865749 – sys-apps/toybox-0.8.12 sandbox violation

Bug 865749 - sys-apps/toybox-0.8.12 sandbox violation

Summary: sys-apps/toybox-0.8.12 sandbox violation

Status:	CONFIRMED

Alias:	None

Product:	Gentoo Linux
Classification:	Unclassified
Component:	Current packages (show other bugs)
Hardware:	All Linux

Importance:	Normal normal
Assignee:	Patrick Lauer

URL:
Whiteboard:
Keywords:

Depends on:
Blocks:	CVE-2022-32298
	Show dependency tree

Reported:	2022-08-19 07:01 UTC by Agostino Sarubbo
Modified:	2025-01-25 16:17 UTC (History)
CC List:	2 users (show)

See Also:
Package list:
Runtime testing required:	---

Attachments
build.log (build.log,128.47 KB, text/plain) 2022-08-19 07:02 UTC, Agostino Sarubbo	Details
1-sandbox.log (1-sandbox.log,1.40 KB, text/plain) 2022-08-19 07:02 UTC, Agostino Sarubbo	Details
View All Add an attachment (proposed patch, testcase, etc.)

Note You need to log in before you can comment on or make changes to this bug.

Description Agostino Sarubbo gentoo-dev

2022-08-19 07:01:58 UTC

https://blogs.gentoo.org/ago/2020/07/04/gentoo-tinderbox/

Issue: sys-apps/toybox-0.8.8 sandbox violation.
Discovered on: amd64 (internal ref: ci)

Comment 1 Agostino Sarubbo gentoo-dev

2022-08-19 07:02:00 UTC

Created attachment 800087 [details]
build.log

build log and emerge --info

Comment 2 Agostino Sarubbo gentoo-dev

2022-08-19 07:02:01 UTC

Created attachment 800089 [details]
1-sandbox.log

1-sandbox.log

Comment 3 Agostino Sarubbo gentoo-dev

2022-08-19 07:02:02 UTC

Error(s) that match a know pattern:


login.c:(.text+0x138): undefined reference to `crypt'
md5sum.c:(.text+0x100c): undefined reference to `sin'
mkpasswd.c:(.text+0x10d): undefined reference to `crypt'
passwd.c:(.text+0x26b): undefined reference to `crypt'
scripts/make.sh: line 88: /dev/stderr: Permission denied
su.c:(.text+0x107): undefined reference to `crypt'
/usr/lib/gcc/x86_64-pc-linux-gnu/12.1.1/../../../../x86_64-pc-linux-gnu/bin/ld: passwd.c:(.text+0x2ed): undefined reference to `crypt'
collect2: error: ld returned 1 exit status

Comment 4 Patrick Lauer gentoo-dev

2022-08-20 17:51:26 UTC

 * ACCESS DENIED:  open_wr:       /dev/stderr
scripts/make.sh: line 88: /dev/stderr: Permission denied

... why is /dev/stderr not available/accessible?

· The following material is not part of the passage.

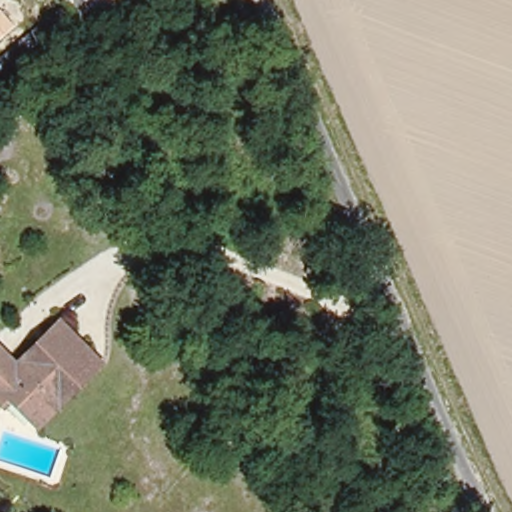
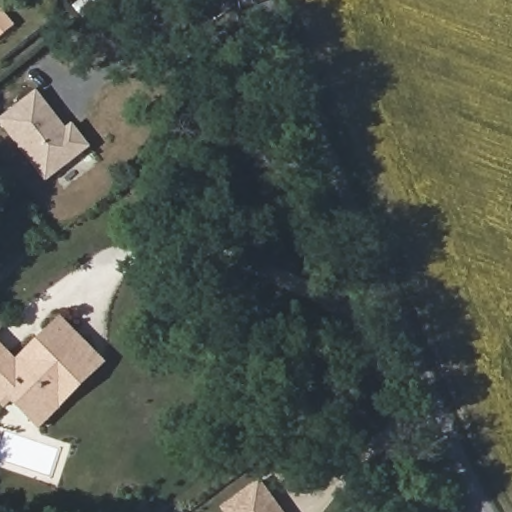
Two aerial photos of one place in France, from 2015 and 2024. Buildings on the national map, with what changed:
new [(62,128),(70,121),(89,145),(44,180),(0,124),(0,115),(35,88),(62,128)]
unchanged [(8,391),(0,399),(0,346),(14,361),(60,317),(94,352),(30,414),(8,391)]
unchanged [(104,362),(40,424),(30,414),(94,352),(104,362)]
new [(223,512),(219,506),(257,476),(283,512),(223,512)]

Comment 5 Ionen Wolkens gentoo-dev

2022-08-20 18:26:41 UTC

I can reproduce with FEATURES=pid-sandbox (/dev/stderr -> /proc/self/fd/2's self likely related) and not with -pid-sandbox -- but seems not everyone is getting the same results, unsure what's up with this exactly.

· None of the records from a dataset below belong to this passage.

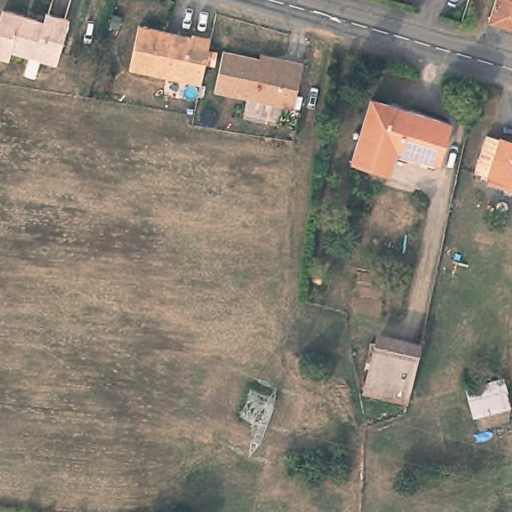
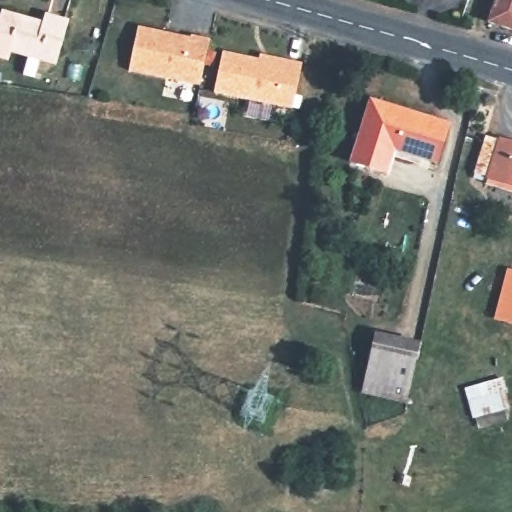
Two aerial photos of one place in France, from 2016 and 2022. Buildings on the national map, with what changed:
unchanged [(512,28),(490,21),(497,0),(512,0),(512,28)]
unchanged [(20,18),(44,23),(47,14),(69,19),(58,64),(11,54),(20,18)]
unchanged [(199,86),(128,70),(138,27),(191,38),(191,36),(210,40),(199,86)]
unchanged [(260,54),(285,60),(302,63),(292,109),(214,92),(222,51),(259,59),(260,54)]
unchanged [(373,100),(449,123),(438,158),(380,141),(373,166),(355,161),(373,100)]
unchanged [(512,145),(512,187),(472,175),(484,137),(512,145)]
new [(512,324),(493,319),(506,267),(512,268),(512,324)]
unchanged [(408,395),(366,388),(376,340),(418,348),(408,395)]
unchanged [(512,413),(512,417),(476,429),(465,389),(503,378),(512,413)]

meh workarounds that work for me would be to either remove V=1 (makes it use /dev/null instead), or patch/sed -i 's/&>$X/>\&2/' scripts/make.sh

on a side-note there's also:
 * QA Notice: Files built without respecting LDFLAGS have been detected
 *  Please include the following list of files in your report:
 * /usr/bin/toybox
 * QA Notice: Pre-stripped files found:
 * /usr/bin/toybox

Comment 6 Ionen Wolkens gentoo-dev

2022-08-20 18:31:09 UTC

(In reply to Ionen Wolkens from comment #5)
> on a side-note there's also:
>  * QA Notice: Files built without respecting LDFLAGS have been detected
>  *  Please include the following list of files in your report:
>  * /usr/bin/toybox
>  * QA Notice: Pre-stripped files found:
>  * /usr/bin/toybox
Well, LDFLAGS is fine, it's caused by the stripping, could:

dobin generated/unstripped/toybox

Comment 7 Agostino Sarubbo gentoo-dev

2023-02-08 08:13:19 UTC

ci has reproduced this issue with version 0.8.9 - Updating summary.

Comment 8 Agostino Sarubbo gentoo-dev

2025-01-25 16:17:14 UTC

ci has reproduced this issue with version 0.8.12 - Updating summary.